__PROBLEM__. Write out again, unchanged, the line that has "Q: x-height? A: Medium." and each following line through the end of the entries below; leave pictures out.
(AVAILABLE DATA Opens)
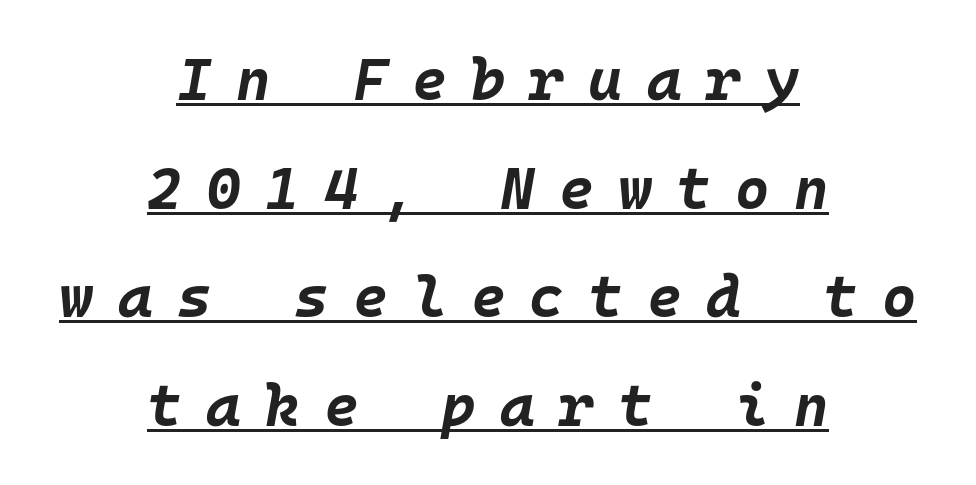
Does extra space separate the letters? Yes, quite a lot of it. Style check: oblique. In CSS terms this would be text-align: center. Underlined type.
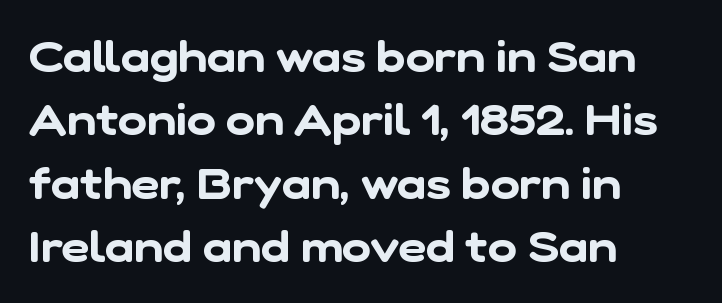
No word sits above an underline. Whoever set this chose a conventional vertical rhythm. Here the designer chose a conventional face with non-uniform glyph widths. Students, note that the glyphs here touch the page at normal intervals. Look at the bottom of the vertical strokes: they stop flat, with no serifs. The lines in this sample share a left origin and differ only in where they stop.
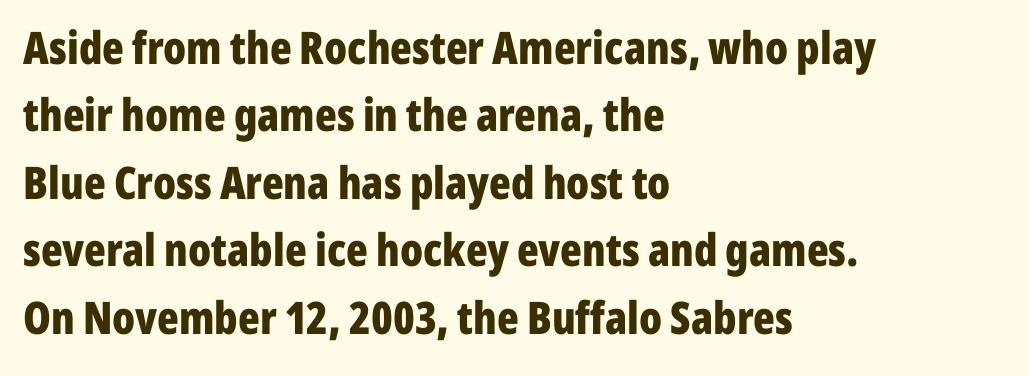
The image shows 45 px bold, condensed sans-serif type, upright; set left-aligned, normal line spacing (1.5x), normal letter spacing, not underlined; low stroke contrast and a medium x-height.
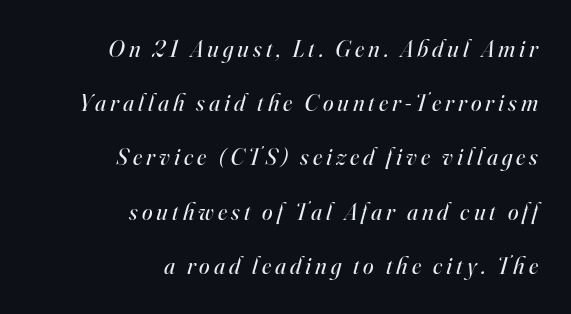
The image shows 24 px text type, italic (leaning right); set right-aligned, loose line spacing (2.26x), not underlined.
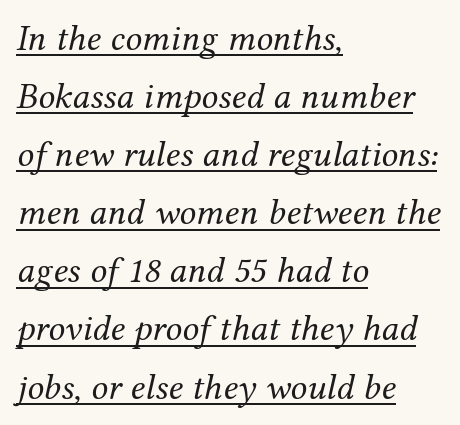
The sample's only ornament is a line tracing under the words. Short and long lines alike share a common starting point at left. Honestly, the letter spacing is just normal — you wouldn't notice it. This sample uses a serif face.
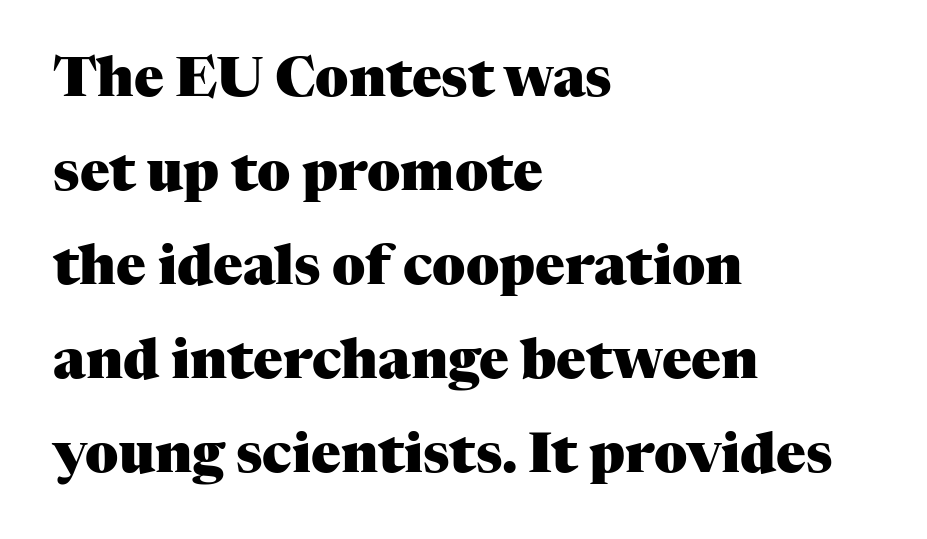
Q: Is the text bold? A: Yes.
Q: Is the text italic (slanted)? A: No, it is upright.
Q: Is the typeface a serif or a sans-serif typeface? A: Serif.
Q: Is the text underlined? A: No.
Q: How is the paragraph aligned? A: Left-aligned.
Q: Is the spacing between letters normal or unusually wide? A: Normal.
Q: Width (condensed, normal, or wide)? A: Normal.
Q: Stroke contrast? A: Medium.
Q: x-height? A: Medium.
Q: Monospaced? A: No.
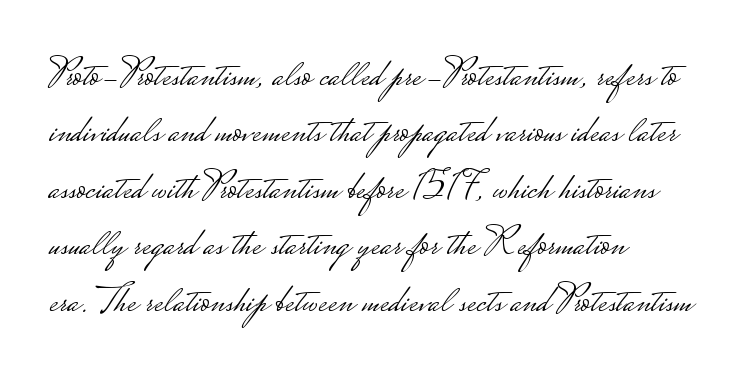
{"serif": "no", "bold": "no", "weight": "light", "width": "wide", "stroke_contrast": "low", "monospaced": "no", "underline": "no", "align": "left", "line_spacing": "normal", "line_spacing_ratio": 1.41, "letter_spacing": "normal", "letter_spacing_em": 0.0, "glyph_px": 40}
(AVAILABLE DATA Closes)
__EXPECTED ANSWER__.
Q: x-height? A: Medium.
Q: Monospaced? A: No.
{"serif": "no", "bold": "no", "weight": "light", "width": "wide", "stroke_contrast": "low", "monospaced": "no", "underline": "no", "align": "left", "line_spacing": "normal", "line_spacing_ratio": 1.41, "letter_spacing": "normal", "letter_spacing_em": 0.0, "glyph_px": 40}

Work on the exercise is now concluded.